WAIT.HE’S EARLY.HIS LUNGS!!! I’m praying again...the little girl in the toy store…and he whispers to me…
At 2:18…..5 weeks early…he is born: 8lbs and 12oz. I whisper…I PROMISE, I’ll be a GOOD girl!….and I’ve broken that promise, time and again…but, that babe is growing. He is still here…and my Father, He never broke his…. “Never will I leave you; never will I forsake you.”[a]
That son…bears the name of what my Husband and I desire for our home….

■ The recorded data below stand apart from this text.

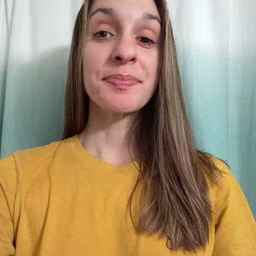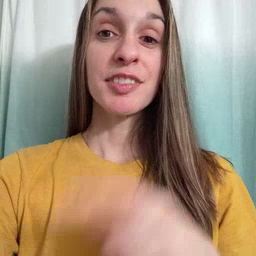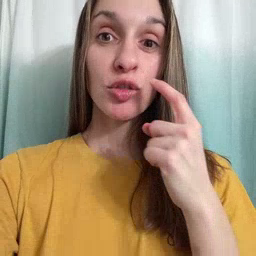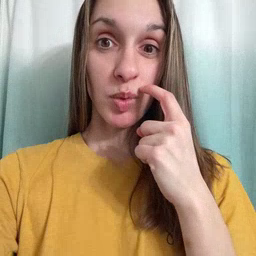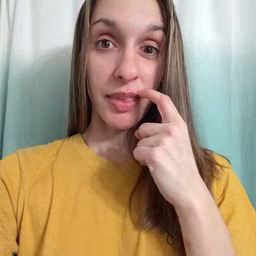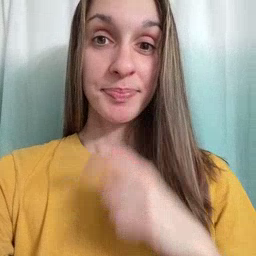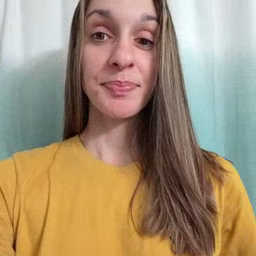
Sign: tooth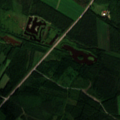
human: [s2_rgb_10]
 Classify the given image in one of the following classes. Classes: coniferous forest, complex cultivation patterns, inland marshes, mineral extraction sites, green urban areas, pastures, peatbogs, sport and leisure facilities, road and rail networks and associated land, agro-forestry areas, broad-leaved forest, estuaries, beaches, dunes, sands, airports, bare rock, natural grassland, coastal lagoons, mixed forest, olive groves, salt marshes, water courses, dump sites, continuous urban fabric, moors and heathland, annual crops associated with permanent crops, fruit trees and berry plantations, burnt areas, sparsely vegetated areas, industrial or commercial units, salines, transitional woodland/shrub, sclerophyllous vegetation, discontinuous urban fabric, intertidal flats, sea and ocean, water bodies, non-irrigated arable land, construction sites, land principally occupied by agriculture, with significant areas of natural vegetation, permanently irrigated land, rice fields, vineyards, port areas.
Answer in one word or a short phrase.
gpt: non-irrigated arable land, broad-leaved forest, coniferous forest, mixed forest, transitional woodland/shrub
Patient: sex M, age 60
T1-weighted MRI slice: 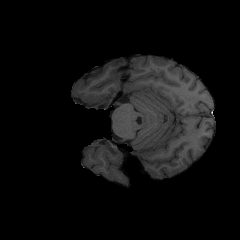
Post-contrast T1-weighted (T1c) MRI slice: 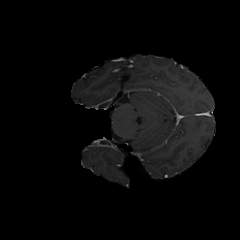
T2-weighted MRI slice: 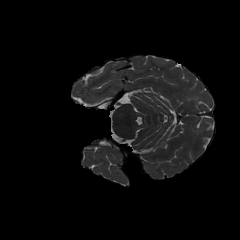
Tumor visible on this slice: no
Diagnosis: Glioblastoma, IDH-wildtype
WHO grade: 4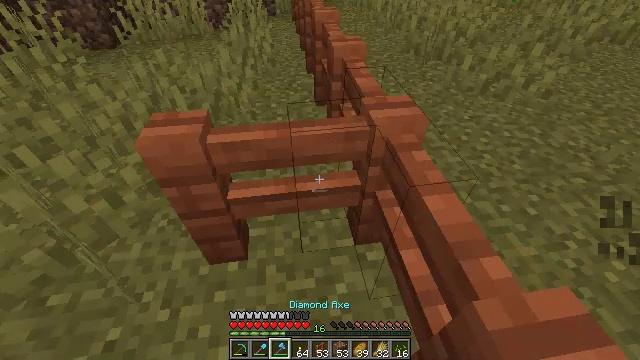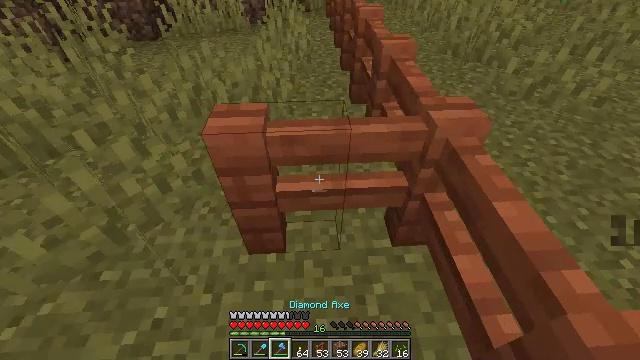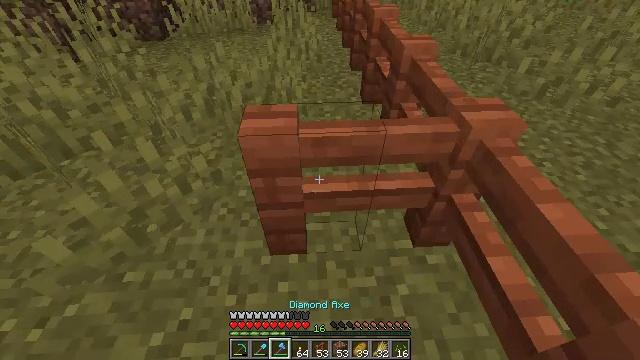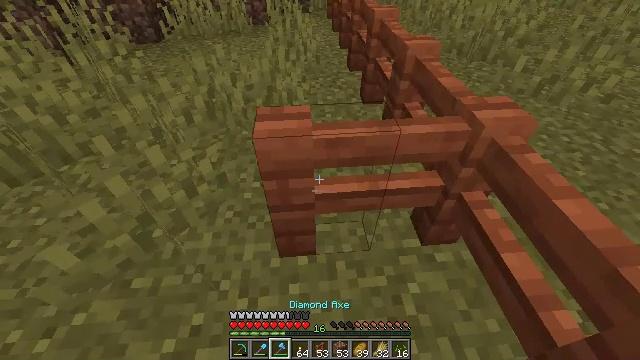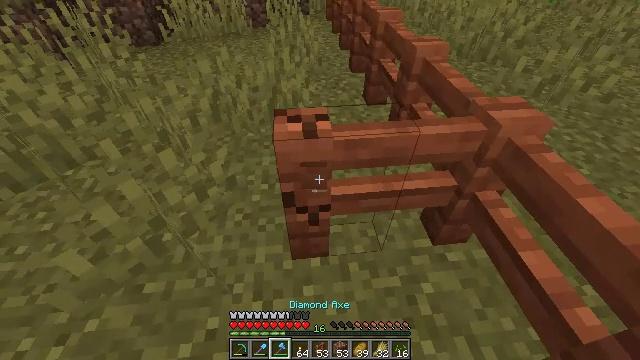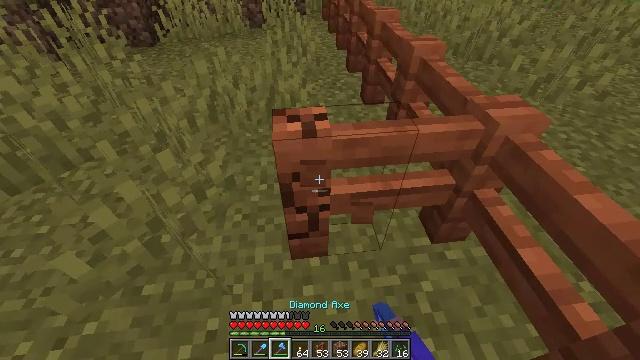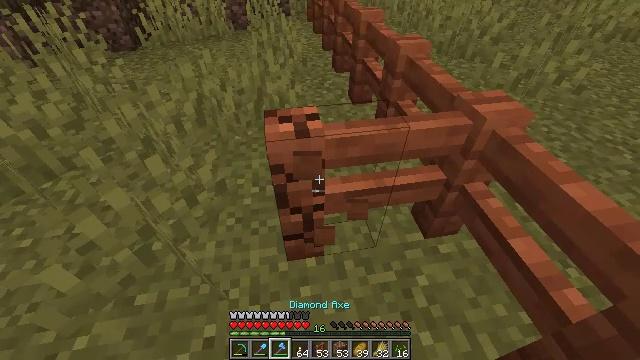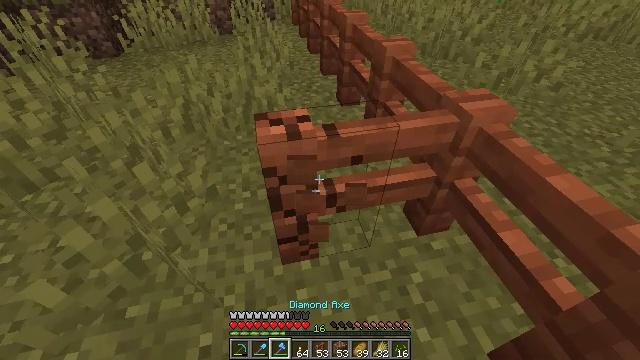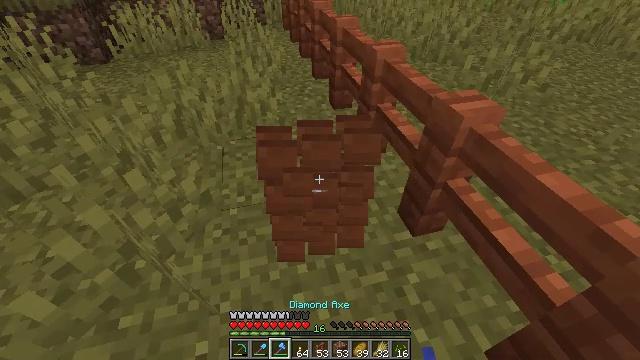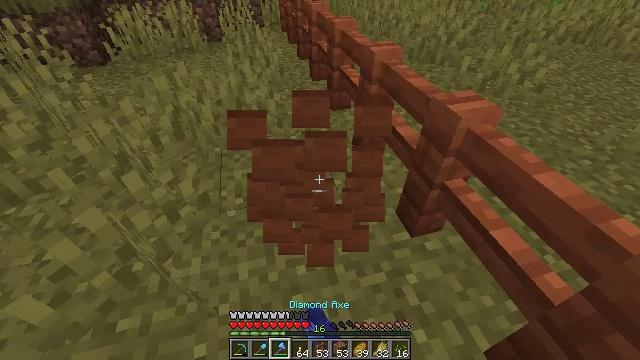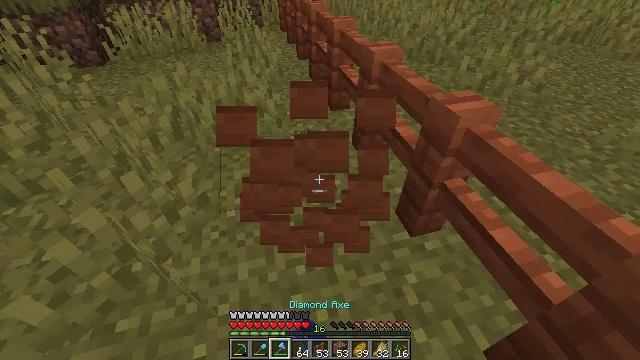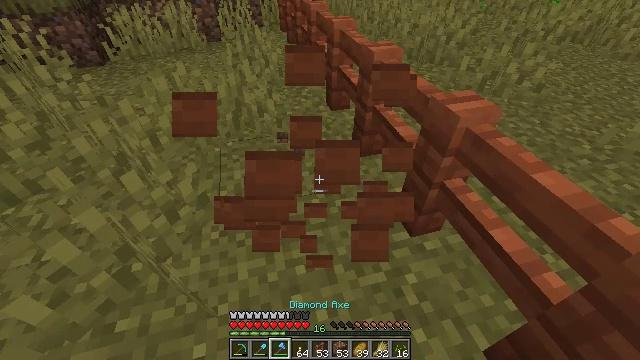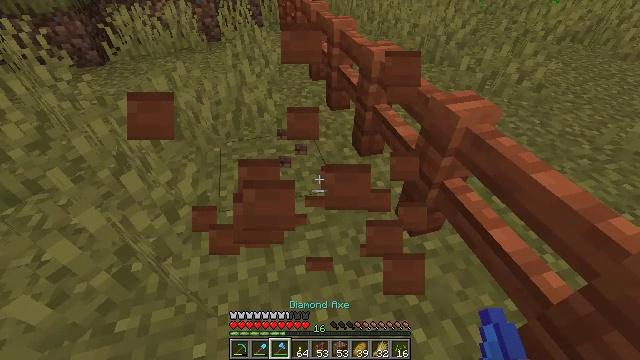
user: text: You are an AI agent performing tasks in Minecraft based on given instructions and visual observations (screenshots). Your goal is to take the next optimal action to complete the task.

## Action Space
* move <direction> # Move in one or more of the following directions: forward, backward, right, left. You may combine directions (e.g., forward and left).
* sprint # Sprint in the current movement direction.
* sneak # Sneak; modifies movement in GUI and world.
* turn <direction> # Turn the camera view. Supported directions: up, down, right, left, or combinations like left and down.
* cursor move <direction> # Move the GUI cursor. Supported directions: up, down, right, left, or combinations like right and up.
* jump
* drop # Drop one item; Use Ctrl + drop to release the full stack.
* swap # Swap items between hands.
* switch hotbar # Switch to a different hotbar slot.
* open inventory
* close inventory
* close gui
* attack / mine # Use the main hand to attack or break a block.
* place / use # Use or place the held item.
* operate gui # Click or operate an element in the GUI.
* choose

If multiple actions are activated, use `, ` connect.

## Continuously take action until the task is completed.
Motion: motion action
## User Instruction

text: Reclaim the acacia fence from a structure.
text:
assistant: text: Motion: move left, turn left
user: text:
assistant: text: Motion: move left
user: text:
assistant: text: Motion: turn right
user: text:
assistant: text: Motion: turn right, attack / mine
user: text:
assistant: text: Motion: attack / mine
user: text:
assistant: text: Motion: turn right, attack / mine
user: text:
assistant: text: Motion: turn right, attack / mine
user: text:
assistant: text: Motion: turn right, attack / mine
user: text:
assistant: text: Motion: attack / mine
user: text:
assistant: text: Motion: attack / mine
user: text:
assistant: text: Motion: attack / mine
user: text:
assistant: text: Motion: attack / mine
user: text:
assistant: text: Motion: attack / mine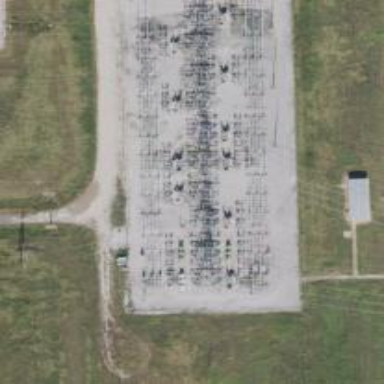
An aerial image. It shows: Switch used for power control.

15 But if serving the LORD seems undesirable to you, then choose for yourselves this day whom you will serve, whether the gods your ancestors served beyond the Euphrates, or the gods of the Amorites, in whose land you are living. But as for me and my household, we will serve the LORD.”
And.through that, through the day in/out of not knowing of seeing how little I control this life…I Learned to trust him…to really trust him….and to know I could never promise to be something I’m not….Now, this boy, this man child, he just turned 10. My oldest, he first to move into the double-digits. His lungs, well, he can swim the length of the pool. His mind is clear, he is reading books that are far above his age. His legs never leave his skateboard…his heart is growing towards God.
Last night,I sat on the back patio with him. He was a gentleman. He knows the late hours his father works are hard on all of us…and he says “Mom, come and sit with me….let’s talk”…and we do….and the conversation is wonderful….and I hug him and say “THANK YOU”…..
This miracle baby changed my life and continues to every day.